The Kurds in Iran

By | September 1, 2021

As in Iraq and Turkey, the Kurds in Iran have waged a long struggle against their country’s regimes, but so far with limited success.

According to uncertain estimates, the Kurds in Iran make up almost ten percent of the country’s population, that is, about 8 million. They have traditionally lived in the northwestern parts of the country, but many move as these areas lag behind the rest of the country economically. Only a third of Iran’s Kurds today are said to live in the traditional Kurdish area.

Like the Kurds in Turkey, the Kurds in Iran have been exposed to strong pressure to give up their own culture and are assimilated into the majority population. In Iran, there are also religious differences between the Kurds and the majority Persians. Most Kurds are Sunni Muslims while the Persians are Shia Muslims. All in all, this has created deep distrust among many Kurds against the Iranian state.

Autonomous Republic

In 1945, the left-wing Democratic Kurdistan Democratic Party (KDPI) was formed, which in early 1946 proclaimed an autonomous Kurdish republic centered in the northwestern city of Mahabad. Its leader was executed when Iranian troops occupied the republic in 1946.

In 1969, the left-wing movement Komala was founded, which waged an armed struggle for Kurdish rights in the 1980s but laid down its arms in 1990. The following year, 1991, the Kurdistan Freedom Party (PAK) was founded and in 2004 the Party began a free life in Kurdistan (Pjak or Pejak) an uprising through sporadic attacks from bases in Iraqi Kurdistan.

However, the Iranian Kurds remained divided, and attempts to establish autonomy, including after the Islamic Revolution in 1979, failed. Since then, attempts at dialogue with the government have alternated with temporary clashes between Kurdish guerrilla groups and Iranian security forces.

Fighting in the 21st century

In the summer of 2005, riots broke out in Mahabad after a Kurdish activist was killed and at least 17 people were shot dead by Iranian security forces. In 2009, the fighting between Pjak and the government side escalated. Many see Pjak as an Iranian branch of the Kurdish PKK guerrillas in Turkey, but Pjak’s leaders claim that the movement is completely independent. Iran has accused the United States of secretly supporting Pjak, which has been rejected by the United States.

In a major offensive in September 2011, Pjak was driven across the border into Iraq. The guerrillas were forced to promise not to strike at Iranian targets and not to recruit Iranian citizens, but there were continued reports that Pjak was active inside Iran, a country located in Middle East according to transporthint.com.

In May 2014, a number of leading representatives of Pjak announced that they had formed a new movement called the Organization for a Free and Democratic Society in Eastern Kurdistan (Kodar) which wanted to resolve the conflict in the region through dialogue with the government.

End of ceasefire

After a relatively long period of a unilaterally declared ceasefire, in 2015 the KDPI resumed its armed struggle against the Iranian regime. In September, fighting broke out between the KDPI guerrillas and the Iranian Revolutionary Guards. In April 2016, the fighting continued, now between the KDPI in alliance with the smaller PAK. Both groups announced that they had taken up arms because the situation in the Kurdish parts of Iran had become unbearable, especially in light of the extensive executions of Kurdish political prisoners who were not considered to have received a fair trial.

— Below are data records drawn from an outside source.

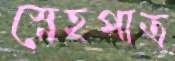
স্নেহপাত্র
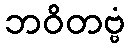
ဘဝိတဗ္ဗံ
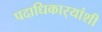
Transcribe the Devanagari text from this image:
पदाधिकार्‍यांशी
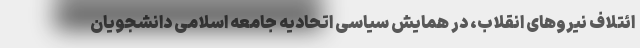
ائتلاف نیروهای انقلاب، در همایش سیاسی اتحادیه جامعه اسلامی دانشجویان
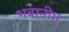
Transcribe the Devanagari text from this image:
भवानी।।
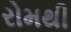
રોમથી
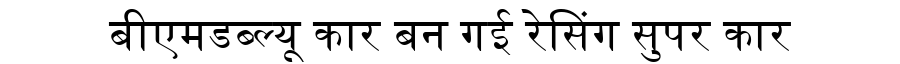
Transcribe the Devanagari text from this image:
बीएमडब्ल्यू कार बन गई रेसिंग सुपर कार
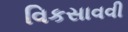
વિકસાવવી
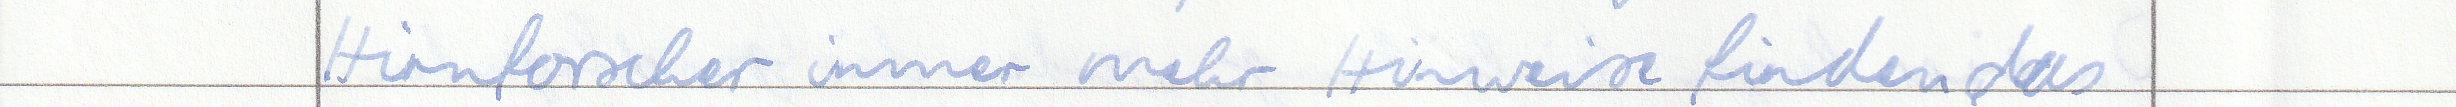
Hirnforscher immer mehr Hinweise finden das
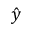
\hat { y }
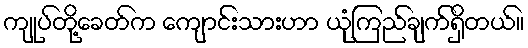
ကျုပ်တို့ခေတ်က ကျောင်းသားဟာ ယုံကြည်ချက်ရှိတယ်။
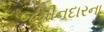
જમીનદારના
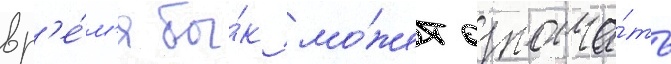
вр'е́м'я бы́к мо́жет означа́ть
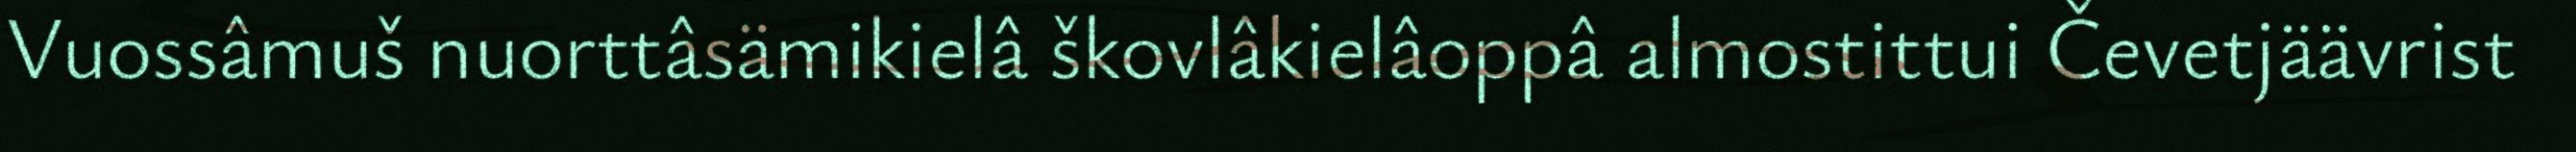
Vuossâmuš nuorttâsämikielâ škovlâkielâoppâ almostittui Čevetjäävrist
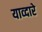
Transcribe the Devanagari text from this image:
याव्दारे
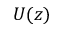
U ( z )
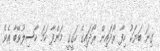
ގިނަ ބަޔަކު ހިފާ ރޯދައިން ރޯދައިގެ ހަގީގީ މަންފާ ހަމަ ހާސިލުވޭބާ އެވެ

Several hundred Iranian Kurds are said to be imprisoned for political reasons. The information varies between about 250 and almost 1000. During the period 2009 to 2015, at least 15 Kurdish prisoners were executed. In 2016, the number of executions increased sharply. According to Amnesty International , at least 24 Kurdish political prisoners were executed in August 2016 alone.

When the hardline president Mahmoud Ahmadinejad was succeeded by the more moderate Hassan Rohani in the summer of 2013, many Kurds hoped that the rulers would take a more conciliatory attitude towards the Kurdish minority, but this did not happen. Kurdish hopes for a better future were further weakened by the nuclear energy agreement in early 2016, which normalized Iran’s relations with the outside world. This shattered all possible hopes that the outside world would use the agreement to pressure Iran into concessions regarding the Kurds. The fact that the United States later dropped the agreement has not improved the situation for the Kurds.

The Iraqi Kurds’ attempt to declare independence in the autumn of 2017 aroused enthusiasm on the Iranian side of the border but worried the Iranian regime, which quickly closed the border to help stifle the Kurdish dream of freedom. Iran has also continued to accuse the Kurds of cross-border actions from Iraq, demanding that those responsible be extradited. In September 2018, Iranian government forces carried out an attack on what was said to be the headquarters of an Iranian-Kurdish party in northern Iraq. 15 deaths were reported.